Task brief: Exactly reproduce each record listed below.

[Opening Input section]

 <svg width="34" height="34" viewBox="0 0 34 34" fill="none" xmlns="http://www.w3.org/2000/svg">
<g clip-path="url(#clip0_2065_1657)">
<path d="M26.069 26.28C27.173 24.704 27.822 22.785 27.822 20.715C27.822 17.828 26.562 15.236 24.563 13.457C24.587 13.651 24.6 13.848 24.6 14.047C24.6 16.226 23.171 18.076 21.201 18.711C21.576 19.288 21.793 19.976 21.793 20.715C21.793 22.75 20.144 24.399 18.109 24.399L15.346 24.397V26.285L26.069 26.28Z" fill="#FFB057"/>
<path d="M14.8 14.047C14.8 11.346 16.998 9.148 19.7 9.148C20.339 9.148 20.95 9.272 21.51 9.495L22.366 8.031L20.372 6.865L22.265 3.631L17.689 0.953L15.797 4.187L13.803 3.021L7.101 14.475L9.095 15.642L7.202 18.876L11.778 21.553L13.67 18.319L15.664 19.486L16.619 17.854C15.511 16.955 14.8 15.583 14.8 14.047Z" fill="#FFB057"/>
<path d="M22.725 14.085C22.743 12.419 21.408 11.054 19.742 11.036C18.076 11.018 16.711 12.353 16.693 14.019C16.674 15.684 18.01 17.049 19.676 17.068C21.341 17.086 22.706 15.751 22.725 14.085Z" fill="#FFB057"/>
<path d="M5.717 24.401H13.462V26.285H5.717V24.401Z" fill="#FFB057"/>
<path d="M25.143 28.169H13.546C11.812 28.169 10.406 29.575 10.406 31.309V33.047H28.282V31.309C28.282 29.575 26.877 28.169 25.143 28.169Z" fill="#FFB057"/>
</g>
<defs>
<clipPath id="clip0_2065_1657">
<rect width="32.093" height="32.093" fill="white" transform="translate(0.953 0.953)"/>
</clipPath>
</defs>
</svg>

[Closing Input section]

Problem solution:
 <svg width="34" height="34" viewBox="0 0 34 34" fill="none" xmlns="http://www.w3.org/2000/svg">
<g clip-path="url(#clip0_2065_1657)">
<path d="M26.069 26.28C27.173 24.704 27.822 22.785 27.822 20.715C27.822 17.828 26.562 15.236 24.563 13.457C24.587 13.651 24.6 13.848 24.6 14.047C24.6 16.226 23.171 18.076 21.201 18.711C21.576 19.288 21.793 19.976 21.793 20.715C21.793 22.75 20.144 24.399 18.109 24.399L15.346 24.397V26.285L26.069 26.28Z" fill="#FFB057"/>
<path d="M14.8 14.047C14.8 11.346 16.998 9.148 19.7 9.148C20.339 9.148 20.95 9.272 21.51 9.495L22.366 8.031L20.372 6.865L22.265 3.631L17.689 0.953L15.797 4.187L13.803 3.021L7.101 14.475L9.095 15.642L7.202 18.876L11.778 21.553L13.67 18.319L15.664 19.486L16.619 17.854C15.511 16.955 14.8 15.583 14.8 14.047Z" fill="#FFB057"/>
<path d="M22.725 14.085C22.743 12.419 21.408 11.054 19.742 11.036C18.076 11.018 16.711 12.353 16.693 14.019C16.674 15.684 18.01 17.049 19.676 17.068C21.341 17.086 22.706 15.751 22.725 14.085Z" fill="#FFB057"/>
<path d="M5.717 24.401H13.462V26.285H5.717V24.401Z" fill="#FFB057"/>
<path d="M25.143 28.169H13.546C11.812 28.169 10.406 29.575 10.406 31.309V33.047H28.282V31.309C28.282 29.575 26.877 28.169 25.143 28.169Z" fill="#FFB057"/>
</g>
<defs>
<clipPath id="clip0_2065_1657">
<rect width="32.093" height="32.093" fill="white" transform="translate(0.953 0.953)"/>
</clipPath>
</defs>
</svg>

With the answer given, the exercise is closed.